A positive definite BQF $(a,b,c)$, i.e. $D < 0, a > 0$, is reduced if $-a < b < a < c$. Gauss observed, that all reduced BQF with the same discriminant form an abelian group and he gave a composition algorithm for those group elements. This group is called the class group and is usually denoted as $\mathcal{Cl}(D)$. The size of the group has a special name and is called the class number $h(D)$. Informally spoken, the class group $\mathcal{Cl}(D)$ contains all different reduced quadratic forms with the same discriminant $D$.

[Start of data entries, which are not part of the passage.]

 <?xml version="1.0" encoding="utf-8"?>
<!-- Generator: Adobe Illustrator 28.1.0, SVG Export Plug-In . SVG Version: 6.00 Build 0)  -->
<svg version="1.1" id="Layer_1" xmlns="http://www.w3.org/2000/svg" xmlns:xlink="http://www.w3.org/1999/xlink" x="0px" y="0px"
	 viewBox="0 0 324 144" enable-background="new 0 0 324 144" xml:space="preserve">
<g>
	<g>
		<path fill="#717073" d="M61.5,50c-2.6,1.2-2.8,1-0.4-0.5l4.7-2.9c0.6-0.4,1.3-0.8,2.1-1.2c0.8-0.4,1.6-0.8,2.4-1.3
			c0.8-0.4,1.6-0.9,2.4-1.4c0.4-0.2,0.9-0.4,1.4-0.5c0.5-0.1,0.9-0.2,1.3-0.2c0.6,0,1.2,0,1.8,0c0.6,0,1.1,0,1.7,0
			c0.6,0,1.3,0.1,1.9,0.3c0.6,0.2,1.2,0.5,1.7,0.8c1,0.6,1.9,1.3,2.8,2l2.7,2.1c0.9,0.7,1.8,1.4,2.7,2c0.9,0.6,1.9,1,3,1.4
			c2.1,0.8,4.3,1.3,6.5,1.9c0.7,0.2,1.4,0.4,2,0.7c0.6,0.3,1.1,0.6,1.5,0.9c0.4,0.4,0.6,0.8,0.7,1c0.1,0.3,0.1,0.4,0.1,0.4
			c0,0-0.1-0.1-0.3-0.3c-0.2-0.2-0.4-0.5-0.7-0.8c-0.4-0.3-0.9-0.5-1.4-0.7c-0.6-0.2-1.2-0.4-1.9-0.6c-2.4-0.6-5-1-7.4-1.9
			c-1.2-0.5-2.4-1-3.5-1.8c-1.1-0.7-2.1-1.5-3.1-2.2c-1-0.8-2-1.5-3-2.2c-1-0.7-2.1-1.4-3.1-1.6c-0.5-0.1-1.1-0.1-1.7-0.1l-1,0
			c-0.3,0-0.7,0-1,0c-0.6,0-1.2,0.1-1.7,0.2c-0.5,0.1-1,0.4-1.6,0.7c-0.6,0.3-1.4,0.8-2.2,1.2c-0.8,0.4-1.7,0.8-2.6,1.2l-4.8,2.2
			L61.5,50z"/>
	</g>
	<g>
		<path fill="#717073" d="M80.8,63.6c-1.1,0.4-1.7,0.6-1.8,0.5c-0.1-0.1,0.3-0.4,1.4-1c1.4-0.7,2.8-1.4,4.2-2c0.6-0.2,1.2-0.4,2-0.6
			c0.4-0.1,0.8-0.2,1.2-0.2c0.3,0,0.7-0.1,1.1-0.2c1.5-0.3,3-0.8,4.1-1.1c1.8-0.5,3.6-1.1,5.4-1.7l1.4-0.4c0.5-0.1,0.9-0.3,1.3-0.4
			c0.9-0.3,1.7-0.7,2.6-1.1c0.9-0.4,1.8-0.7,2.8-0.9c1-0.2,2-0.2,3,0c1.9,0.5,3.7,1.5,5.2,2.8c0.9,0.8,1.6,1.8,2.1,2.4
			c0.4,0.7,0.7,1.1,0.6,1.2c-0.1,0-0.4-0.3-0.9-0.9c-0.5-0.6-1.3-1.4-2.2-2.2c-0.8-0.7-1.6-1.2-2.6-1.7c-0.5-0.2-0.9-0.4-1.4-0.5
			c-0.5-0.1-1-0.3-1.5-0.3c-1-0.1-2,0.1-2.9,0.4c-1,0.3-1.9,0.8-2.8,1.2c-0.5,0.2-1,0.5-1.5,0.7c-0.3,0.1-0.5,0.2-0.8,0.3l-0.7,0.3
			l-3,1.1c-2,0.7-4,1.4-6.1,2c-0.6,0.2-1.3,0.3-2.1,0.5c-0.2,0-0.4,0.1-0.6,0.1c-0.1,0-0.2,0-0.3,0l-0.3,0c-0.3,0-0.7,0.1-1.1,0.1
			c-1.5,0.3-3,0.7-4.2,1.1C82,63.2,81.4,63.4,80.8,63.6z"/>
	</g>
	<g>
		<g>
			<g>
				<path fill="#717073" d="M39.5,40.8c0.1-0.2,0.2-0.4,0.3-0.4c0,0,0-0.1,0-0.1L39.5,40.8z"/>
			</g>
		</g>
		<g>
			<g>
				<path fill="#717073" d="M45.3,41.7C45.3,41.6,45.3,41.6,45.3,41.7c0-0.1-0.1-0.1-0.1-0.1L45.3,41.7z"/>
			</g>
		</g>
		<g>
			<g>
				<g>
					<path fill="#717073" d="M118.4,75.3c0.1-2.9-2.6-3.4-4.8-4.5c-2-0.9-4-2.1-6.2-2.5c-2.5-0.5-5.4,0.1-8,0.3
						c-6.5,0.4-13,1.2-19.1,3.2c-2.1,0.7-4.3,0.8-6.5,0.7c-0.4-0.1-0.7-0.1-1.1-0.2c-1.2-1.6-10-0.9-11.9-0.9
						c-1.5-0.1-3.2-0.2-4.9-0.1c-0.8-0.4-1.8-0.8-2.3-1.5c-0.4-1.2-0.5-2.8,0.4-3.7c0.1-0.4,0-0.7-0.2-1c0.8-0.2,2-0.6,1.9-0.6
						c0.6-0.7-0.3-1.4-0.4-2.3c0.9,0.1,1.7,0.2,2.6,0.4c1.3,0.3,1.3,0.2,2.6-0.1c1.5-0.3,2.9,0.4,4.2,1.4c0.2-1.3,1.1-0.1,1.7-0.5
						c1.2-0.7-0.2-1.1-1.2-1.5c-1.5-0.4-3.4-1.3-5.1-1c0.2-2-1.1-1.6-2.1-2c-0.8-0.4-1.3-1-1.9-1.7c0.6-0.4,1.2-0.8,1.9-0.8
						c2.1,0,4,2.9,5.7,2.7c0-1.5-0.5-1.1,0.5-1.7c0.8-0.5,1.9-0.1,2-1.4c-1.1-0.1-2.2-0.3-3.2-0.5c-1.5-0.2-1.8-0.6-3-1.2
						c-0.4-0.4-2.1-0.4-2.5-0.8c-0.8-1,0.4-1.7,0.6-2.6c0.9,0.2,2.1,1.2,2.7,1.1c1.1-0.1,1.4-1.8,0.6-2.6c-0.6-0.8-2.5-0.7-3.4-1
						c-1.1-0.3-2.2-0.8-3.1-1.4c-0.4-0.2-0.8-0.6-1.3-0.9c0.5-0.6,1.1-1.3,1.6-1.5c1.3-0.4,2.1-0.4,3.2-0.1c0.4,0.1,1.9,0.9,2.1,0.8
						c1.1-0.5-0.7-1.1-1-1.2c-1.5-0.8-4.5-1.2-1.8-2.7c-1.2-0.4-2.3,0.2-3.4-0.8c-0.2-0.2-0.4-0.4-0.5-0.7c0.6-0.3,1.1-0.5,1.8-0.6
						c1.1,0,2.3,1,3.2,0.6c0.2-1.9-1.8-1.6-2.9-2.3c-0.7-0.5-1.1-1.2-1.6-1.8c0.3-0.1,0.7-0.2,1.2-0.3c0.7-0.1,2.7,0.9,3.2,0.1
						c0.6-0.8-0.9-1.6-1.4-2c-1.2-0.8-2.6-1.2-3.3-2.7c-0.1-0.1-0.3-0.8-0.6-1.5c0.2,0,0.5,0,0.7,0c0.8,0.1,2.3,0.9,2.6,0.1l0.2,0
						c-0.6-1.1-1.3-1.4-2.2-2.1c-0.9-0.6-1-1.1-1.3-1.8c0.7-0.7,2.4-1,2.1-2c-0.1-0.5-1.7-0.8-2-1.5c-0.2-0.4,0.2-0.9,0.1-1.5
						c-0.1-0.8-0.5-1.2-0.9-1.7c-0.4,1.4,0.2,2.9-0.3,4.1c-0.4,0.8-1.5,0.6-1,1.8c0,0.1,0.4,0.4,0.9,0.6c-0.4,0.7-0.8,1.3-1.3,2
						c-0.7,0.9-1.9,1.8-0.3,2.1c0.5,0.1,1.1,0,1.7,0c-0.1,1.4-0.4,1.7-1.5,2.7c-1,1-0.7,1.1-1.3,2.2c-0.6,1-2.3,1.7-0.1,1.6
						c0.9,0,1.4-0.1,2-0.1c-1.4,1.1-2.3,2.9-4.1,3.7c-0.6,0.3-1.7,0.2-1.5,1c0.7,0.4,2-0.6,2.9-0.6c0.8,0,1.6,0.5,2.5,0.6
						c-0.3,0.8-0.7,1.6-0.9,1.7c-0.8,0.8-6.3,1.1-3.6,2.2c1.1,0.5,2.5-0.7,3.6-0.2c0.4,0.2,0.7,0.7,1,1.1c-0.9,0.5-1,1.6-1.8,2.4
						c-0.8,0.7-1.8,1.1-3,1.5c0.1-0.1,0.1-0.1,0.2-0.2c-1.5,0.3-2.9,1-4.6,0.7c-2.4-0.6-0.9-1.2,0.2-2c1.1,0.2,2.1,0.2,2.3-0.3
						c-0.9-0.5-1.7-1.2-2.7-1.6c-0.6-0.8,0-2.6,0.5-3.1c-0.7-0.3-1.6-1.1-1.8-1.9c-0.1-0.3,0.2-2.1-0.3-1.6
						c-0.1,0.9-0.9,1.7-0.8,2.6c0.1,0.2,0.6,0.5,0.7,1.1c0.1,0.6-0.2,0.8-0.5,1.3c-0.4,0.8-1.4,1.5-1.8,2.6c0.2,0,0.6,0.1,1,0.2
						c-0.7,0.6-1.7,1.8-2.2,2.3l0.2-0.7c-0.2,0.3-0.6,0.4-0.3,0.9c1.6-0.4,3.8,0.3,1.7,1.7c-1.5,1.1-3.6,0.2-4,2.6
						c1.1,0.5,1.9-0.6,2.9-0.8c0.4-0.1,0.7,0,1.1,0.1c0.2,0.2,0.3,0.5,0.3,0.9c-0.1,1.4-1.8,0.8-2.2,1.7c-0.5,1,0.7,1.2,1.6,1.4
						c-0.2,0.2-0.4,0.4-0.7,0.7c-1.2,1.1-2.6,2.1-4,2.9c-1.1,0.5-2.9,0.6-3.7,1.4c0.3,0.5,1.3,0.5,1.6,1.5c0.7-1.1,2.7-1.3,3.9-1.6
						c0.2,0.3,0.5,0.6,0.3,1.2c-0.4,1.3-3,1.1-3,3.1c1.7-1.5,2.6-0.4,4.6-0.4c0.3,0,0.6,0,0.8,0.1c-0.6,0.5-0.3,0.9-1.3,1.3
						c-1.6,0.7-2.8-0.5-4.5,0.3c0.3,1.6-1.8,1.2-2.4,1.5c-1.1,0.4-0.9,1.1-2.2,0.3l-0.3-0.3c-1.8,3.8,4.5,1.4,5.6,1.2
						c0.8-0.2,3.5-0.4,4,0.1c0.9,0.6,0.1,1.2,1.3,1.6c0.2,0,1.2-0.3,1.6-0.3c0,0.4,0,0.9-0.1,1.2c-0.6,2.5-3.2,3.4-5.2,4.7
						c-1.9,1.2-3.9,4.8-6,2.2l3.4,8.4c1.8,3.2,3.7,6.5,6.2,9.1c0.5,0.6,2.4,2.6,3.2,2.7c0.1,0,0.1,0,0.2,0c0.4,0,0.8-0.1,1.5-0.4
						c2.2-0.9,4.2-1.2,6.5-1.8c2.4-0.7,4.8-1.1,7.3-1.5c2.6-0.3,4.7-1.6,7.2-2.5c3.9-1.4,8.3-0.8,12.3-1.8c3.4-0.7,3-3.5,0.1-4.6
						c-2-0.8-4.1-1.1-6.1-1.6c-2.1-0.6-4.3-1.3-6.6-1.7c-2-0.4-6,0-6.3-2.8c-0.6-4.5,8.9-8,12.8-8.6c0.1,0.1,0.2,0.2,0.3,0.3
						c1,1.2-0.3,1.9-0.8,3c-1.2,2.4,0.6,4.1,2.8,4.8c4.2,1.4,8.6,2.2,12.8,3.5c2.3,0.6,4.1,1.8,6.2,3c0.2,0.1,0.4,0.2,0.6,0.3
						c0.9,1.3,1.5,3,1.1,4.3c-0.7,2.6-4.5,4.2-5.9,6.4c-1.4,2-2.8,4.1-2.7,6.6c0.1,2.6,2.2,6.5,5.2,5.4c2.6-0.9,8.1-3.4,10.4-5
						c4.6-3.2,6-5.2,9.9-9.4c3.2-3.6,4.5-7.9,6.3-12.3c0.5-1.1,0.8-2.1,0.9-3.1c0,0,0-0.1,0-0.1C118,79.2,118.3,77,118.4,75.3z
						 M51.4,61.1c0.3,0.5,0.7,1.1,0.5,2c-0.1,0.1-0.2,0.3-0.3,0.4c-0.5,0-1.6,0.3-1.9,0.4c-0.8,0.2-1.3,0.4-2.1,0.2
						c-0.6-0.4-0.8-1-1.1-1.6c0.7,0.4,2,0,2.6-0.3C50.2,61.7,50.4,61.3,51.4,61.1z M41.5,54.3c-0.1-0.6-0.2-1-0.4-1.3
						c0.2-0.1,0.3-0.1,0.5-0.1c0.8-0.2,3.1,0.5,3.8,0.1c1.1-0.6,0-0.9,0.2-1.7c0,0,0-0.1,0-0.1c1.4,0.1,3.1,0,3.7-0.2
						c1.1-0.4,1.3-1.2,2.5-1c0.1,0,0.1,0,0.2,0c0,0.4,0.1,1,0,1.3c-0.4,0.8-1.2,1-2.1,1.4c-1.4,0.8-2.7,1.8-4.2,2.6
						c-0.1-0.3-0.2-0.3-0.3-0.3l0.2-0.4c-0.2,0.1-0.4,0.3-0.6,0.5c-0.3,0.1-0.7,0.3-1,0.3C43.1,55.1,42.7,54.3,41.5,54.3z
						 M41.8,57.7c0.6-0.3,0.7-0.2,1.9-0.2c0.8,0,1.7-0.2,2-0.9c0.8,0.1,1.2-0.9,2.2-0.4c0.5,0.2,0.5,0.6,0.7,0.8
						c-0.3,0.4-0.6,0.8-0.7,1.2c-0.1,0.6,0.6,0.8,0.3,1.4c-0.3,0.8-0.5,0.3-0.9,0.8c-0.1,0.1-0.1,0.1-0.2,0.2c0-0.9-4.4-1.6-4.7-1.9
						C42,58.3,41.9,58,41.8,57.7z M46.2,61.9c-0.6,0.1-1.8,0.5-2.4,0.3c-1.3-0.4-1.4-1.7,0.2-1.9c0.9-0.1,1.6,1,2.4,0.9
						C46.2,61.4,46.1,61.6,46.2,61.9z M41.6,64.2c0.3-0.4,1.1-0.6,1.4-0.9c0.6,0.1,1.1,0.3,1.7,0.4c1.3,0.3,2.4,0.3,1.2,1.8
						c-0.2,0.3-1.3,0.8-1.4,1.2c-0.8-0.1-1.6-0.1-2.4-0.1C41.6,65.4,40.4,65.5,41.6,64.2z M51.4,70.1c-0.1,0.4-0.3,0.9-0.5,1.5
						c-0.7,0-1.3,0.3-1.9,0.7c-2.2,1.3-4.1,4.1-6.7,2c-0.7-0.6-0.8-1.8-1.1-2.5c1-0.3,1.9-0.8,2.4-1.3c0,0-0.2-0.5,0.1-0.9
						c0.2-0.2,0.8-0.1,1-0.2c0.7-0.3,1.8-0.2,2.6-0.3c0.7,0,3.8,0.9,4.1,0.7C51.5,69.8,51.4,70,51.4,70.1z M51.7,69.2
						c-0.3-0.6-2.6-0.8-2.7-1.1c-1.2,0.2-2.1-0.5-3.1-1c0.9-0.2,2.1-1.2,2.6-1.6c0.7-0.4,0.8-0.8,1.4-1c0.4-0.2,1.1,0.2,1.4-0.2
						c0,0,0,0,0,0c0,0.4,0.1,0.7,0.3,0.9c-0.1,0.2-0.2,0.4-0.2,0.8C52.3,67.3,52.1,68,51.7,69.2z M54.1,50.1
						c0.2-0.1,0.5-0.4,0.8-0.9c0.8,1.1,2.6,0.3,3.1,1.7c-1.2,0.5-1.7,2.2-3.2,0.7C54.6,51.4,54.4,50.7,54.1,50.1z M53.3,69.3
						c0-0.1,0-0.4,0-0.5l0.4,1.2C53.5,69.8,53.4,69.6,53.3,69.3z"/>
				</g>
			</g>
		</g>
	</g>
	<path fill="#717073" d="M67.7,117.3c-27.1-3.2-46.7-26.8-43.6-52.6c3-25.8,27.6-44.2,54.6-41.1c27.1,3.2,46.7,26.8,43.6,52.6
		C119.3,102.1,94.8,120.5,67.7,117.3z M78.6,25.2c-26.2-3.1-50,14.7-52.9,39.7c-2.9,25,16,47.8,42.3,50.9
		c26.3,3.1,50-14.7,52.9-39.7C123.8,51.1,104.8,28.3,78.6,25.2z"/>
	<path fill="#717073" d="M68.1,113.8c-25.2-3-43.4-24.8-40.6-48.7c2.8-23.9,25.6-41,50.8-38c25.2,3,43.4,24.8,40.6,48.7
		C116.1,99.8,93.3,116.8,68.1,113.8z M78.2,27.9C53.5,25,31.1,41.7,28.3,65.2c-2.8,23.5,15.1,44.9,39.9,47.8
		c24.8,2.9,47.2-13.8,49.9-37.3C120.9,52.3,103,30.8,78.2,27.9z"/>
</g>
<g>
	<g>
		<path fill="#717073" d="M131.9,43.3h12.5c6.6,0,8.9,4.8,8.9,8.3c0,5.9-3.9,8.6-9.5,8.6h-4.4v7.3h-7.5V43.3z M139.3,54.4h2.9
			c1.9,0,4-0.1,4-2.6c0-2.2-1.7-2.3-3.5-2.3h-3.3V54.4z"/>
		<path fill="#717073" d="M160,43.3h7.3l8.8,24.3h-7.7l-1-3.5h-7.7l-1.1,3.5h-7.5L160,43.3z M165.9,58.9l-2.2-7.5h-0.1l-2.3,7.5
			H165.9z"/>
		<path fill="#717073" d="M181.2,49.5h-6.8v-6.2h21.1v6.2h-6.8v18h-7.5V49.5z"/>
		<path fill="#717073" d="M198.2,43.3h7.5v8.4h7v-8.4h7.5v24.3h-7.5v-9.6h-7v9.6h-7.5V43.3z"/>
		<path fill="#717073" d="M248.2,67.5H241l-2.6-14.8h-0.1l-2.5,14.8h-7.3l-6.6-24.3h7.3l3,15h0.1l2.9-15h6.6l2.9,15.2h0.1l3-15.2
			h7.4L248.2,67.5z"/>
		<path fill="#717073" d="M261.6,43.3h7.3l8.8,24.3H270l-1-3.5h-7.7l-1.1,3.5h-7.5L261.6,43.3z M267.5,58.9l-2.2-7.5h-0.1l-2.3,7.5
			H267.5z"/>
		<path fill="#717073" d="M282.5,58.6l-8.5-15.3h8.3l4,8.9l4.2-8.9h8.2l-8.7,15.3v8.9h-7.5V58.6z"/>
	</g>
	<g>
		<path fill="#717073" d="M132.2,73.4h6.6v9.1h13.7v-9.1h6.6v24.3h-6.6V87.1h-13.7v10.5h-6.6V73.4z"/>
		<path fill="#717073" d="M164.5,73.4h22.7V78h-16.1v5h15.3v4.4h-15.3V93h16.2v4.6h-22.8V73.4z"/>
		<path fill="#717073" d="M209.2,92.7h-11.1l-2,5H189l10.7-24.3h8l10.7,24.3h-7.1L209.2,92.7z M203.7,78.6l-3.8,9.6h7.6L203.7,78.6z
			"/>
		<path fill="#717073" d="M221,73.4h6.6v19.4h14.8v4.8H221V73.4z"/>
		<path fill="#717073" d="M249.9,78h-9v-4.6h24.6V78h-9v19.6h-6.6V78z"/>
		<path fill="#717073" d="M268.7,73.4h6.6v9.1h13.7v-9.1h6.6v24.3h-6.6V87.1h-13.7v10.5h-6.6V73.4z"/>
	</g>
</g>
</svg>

The basic idea i want to talk about is the following: Given a BQF $Q_1 = (n,1,c)$, then, if $Q_1$ is reduced and $pq = n$ is a non trivial factorization of $n$, then also $Q_2 = (p,1,qc)$ is a reduced BQF and is contained in the same class group as $Q1$. With the same argument, this holds for the element $Q_3 = (q,1,pc)$. If we take into account all further different divisors of $n$ and also the prime factorization of $c$, the number of BQFs that reveal the factorization of $n$ can be increased. So, can we say something about the following ratio: $$\frac{\text{Number of BQF with discriminant $D$ that reveal the PF of } n}{\text{The class number } h(D)}$$
For simplicity, we assume that $n=pq > 1$ with $p,q \in \mathbb{P}$. To create a reduced quadratic form, a trivial choice would be $Q = (n,1,n+1)$, which is obviously reduced since $1 < n < n+1$. The discriminant is $D = 1-4n(n+1)$. A very very rough estimation for the class number is $h(D) \approx \sqrt{D}$, hence in our case $D =\sqrt{|1-4n(n+1)|}\approx 2n$. For this trivial choice of $Q$ and under the assumption that $\mathcal{Cl}(D)$ is cyclic, how many elements in the class group generated by $Q$ reveal a factorization of $n$? — We know that the following six BQFs $$(n,\pm1,n+1), (p,\pm1,(n+1)q), (q,\pm1,(n+1)p)$$ are all part of the class group and the last four reveal the factorization of $n$ However, there are more. Let $$n+1 = \prod^f_{j=1}p_i^{e_i}$$ The number of divisors of $n+1$ are $$\sigma_0(n+1) = \prod^f_{i=1} (e_i+1)$$ the number of co-prime divisors are $$\sigma_0^{\text{cp}}(n+1) = 2^f$$ If all exponents $e_i$ are equal to $1$, $\sigma_0(n+1) = \sigma_0^{\text{cp}}(n+1)$. But keep in mind that the BQF must be reduced, so we can not build all combinations of the possible divisors of $n$ and $n+1$. We have to ensure that $a < c$, i.e., $pd_i < q\frac{n+1}{d_i}$ and $qd_i < p\frac{n+1}{d_i}$. An often used upper bound for the number of divisors for a number $n$ is $$\sigma_0(n+1) < n^{\mathcal{O}(1/\log\log n)}$$
Theorem 1. Let $n=pq$ and $n+1 = d_i\frac{n+1}{d_i}$, then either $\text{max}(d_i,\frac{n+1}{d_i}) > \text{max}(p,q)$ or $\text{min}(d_i,\frac{n+1}{d_i}) > \text{min}(p,q)$.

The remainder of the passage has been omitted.